(Records shown):
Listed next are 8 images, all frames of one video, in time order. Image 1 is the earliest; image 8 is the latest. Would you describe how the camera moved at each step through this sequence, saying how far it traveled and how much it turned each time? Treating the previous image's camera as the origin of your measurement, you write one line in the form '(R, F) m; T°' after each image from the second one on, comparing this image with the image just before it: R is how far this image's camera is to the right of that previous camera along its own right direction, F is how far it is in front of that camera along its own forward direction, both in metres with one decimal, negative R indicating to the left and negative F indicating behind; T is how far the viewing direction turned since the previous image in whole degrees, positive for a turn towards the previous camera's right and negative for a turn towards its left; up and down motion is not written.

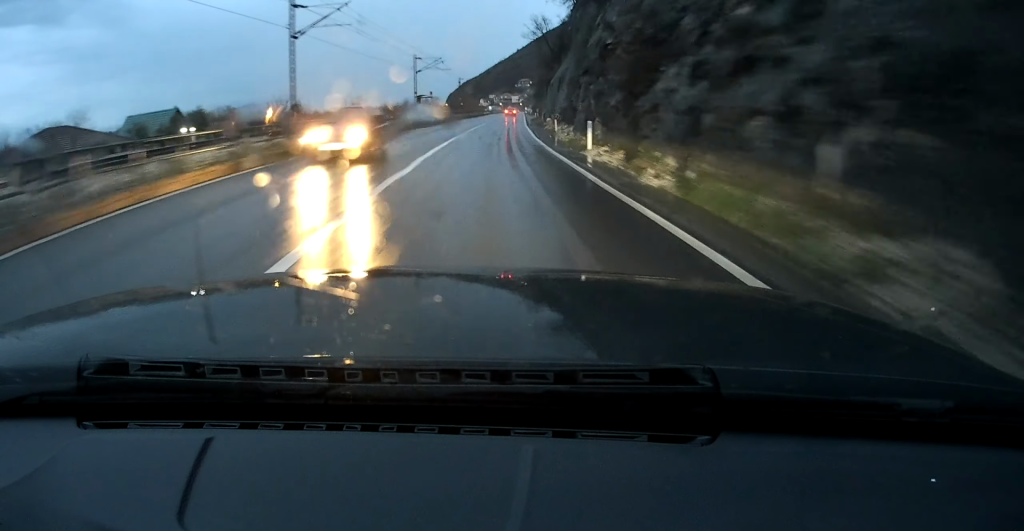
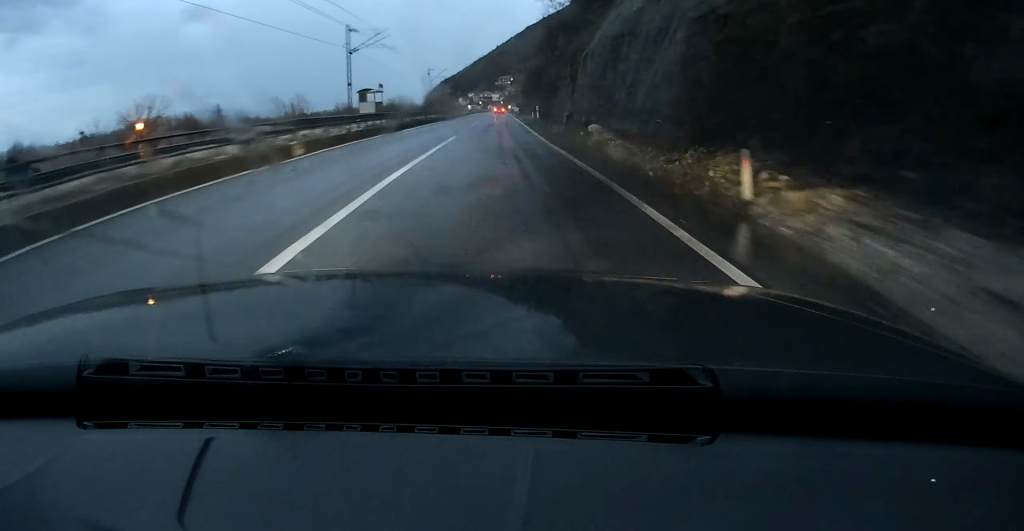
(+0.8, +29.6) m; +3°
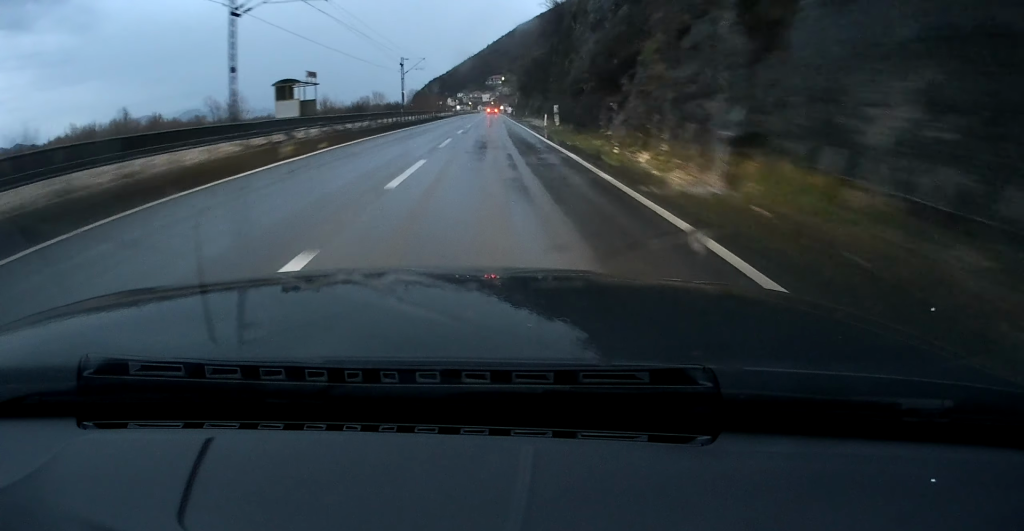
(+0.4, +23.2) m; +1°
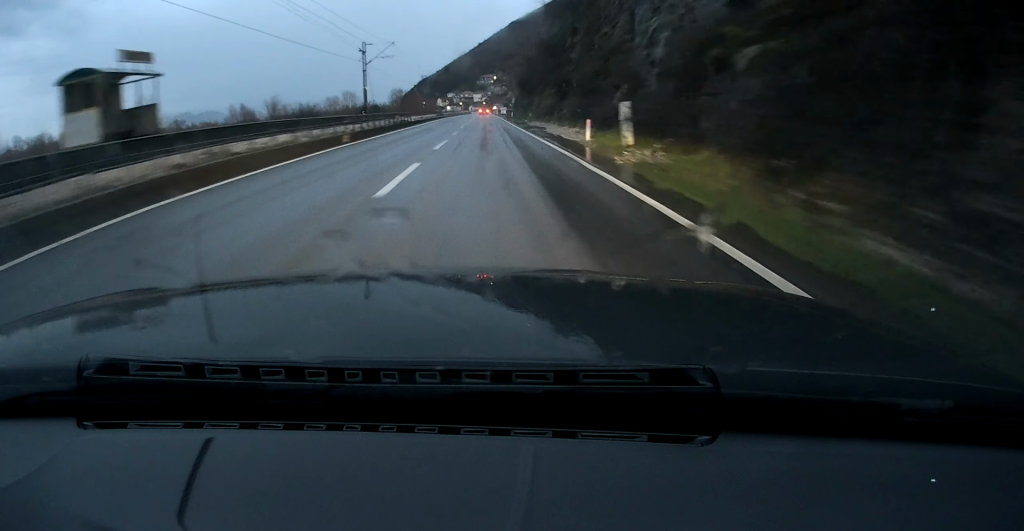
(+0.2, +21.3) m; +1°
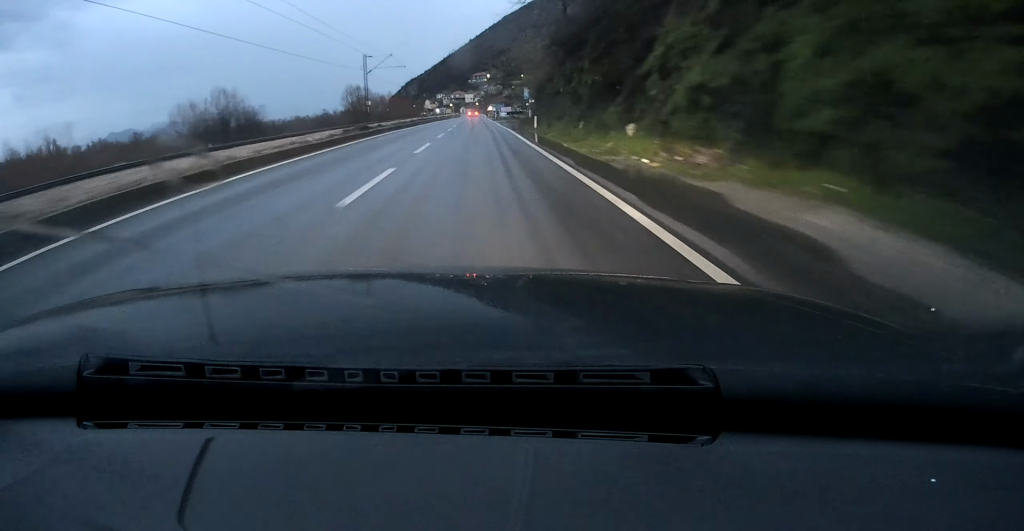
(+0.7, +52.0) m; 0°
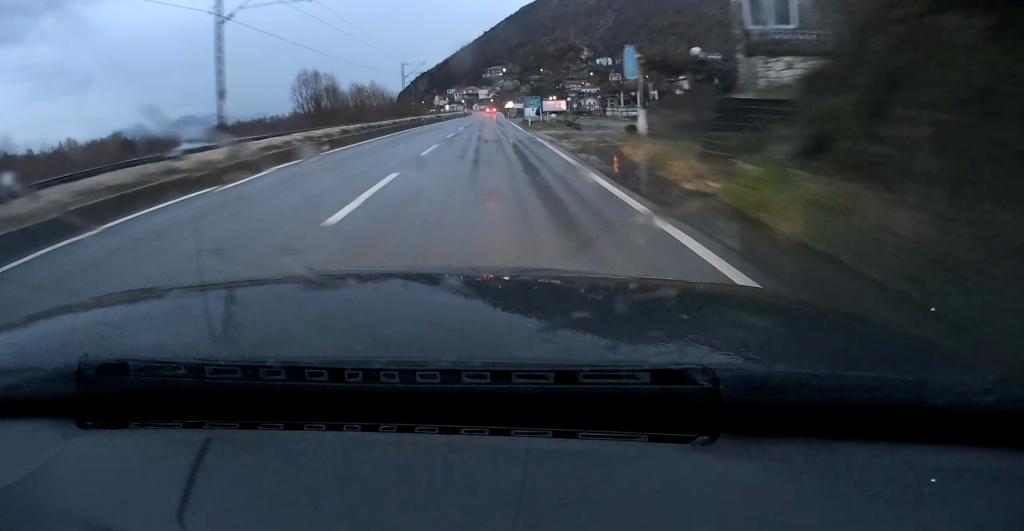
(-0.3, +42.0) m; -1°
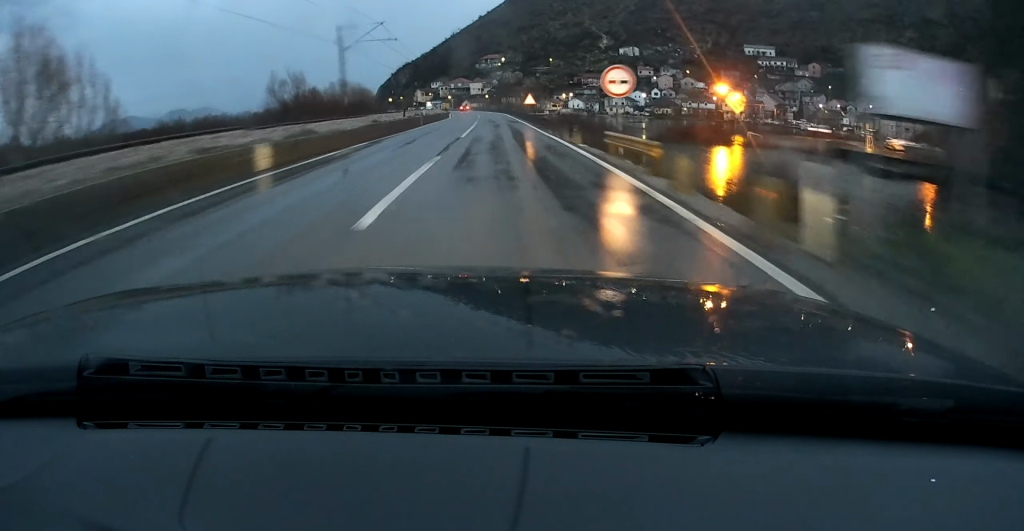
(-0.2, +91.7) m; 0°
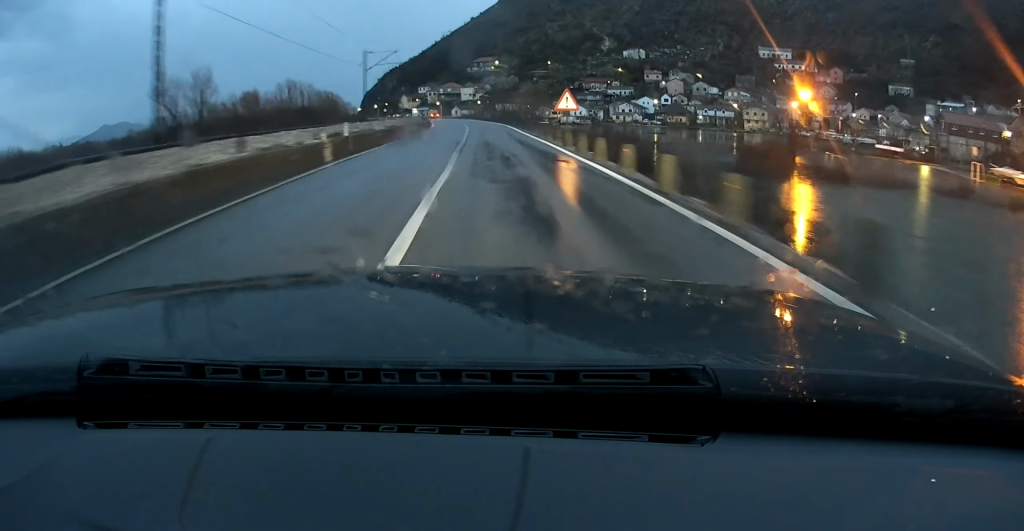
(0.0, +29.3) m; 0°

(What you have to do):
Copy each entry above exactly; drop the pictures.

(Exercise solution):
Listed next are 8 images, all frames of one video, in time order. Image 1 is the earliest; image 8 is the latest. Would you describe how the camera moved at each step through this sequence, saying how far it traveled and how much it turned each time? Treating the previous image's camera as the origin of your measurement, you write one line in the form '(R, F) m; T°' after each image from the second one on, comparing this image with the image just before it: R is how far this image's camera is to the right of that previous camera along its own right direction, F is how far it is in front of that camera along its own forward direction, both in metres with one decimal, negative R indicating to the left and negative F indicating behind; T is how far the viewing direction turned since the previous image in whole degrees, positive for a turn towards the previous camera's right and negative for a turn towards its left; up and down motion is not written.

(+0.8, +29.6) m; +3°
(+0.4, +23.2) m; +1°
(+0.2, +21.3) m; +1°
(+0.7, +52.0) m; 0°
(-0.3, +42.0) m; -1°
(-0.2, +91.7) m; 0°
(0.0, +29.3) m; 0°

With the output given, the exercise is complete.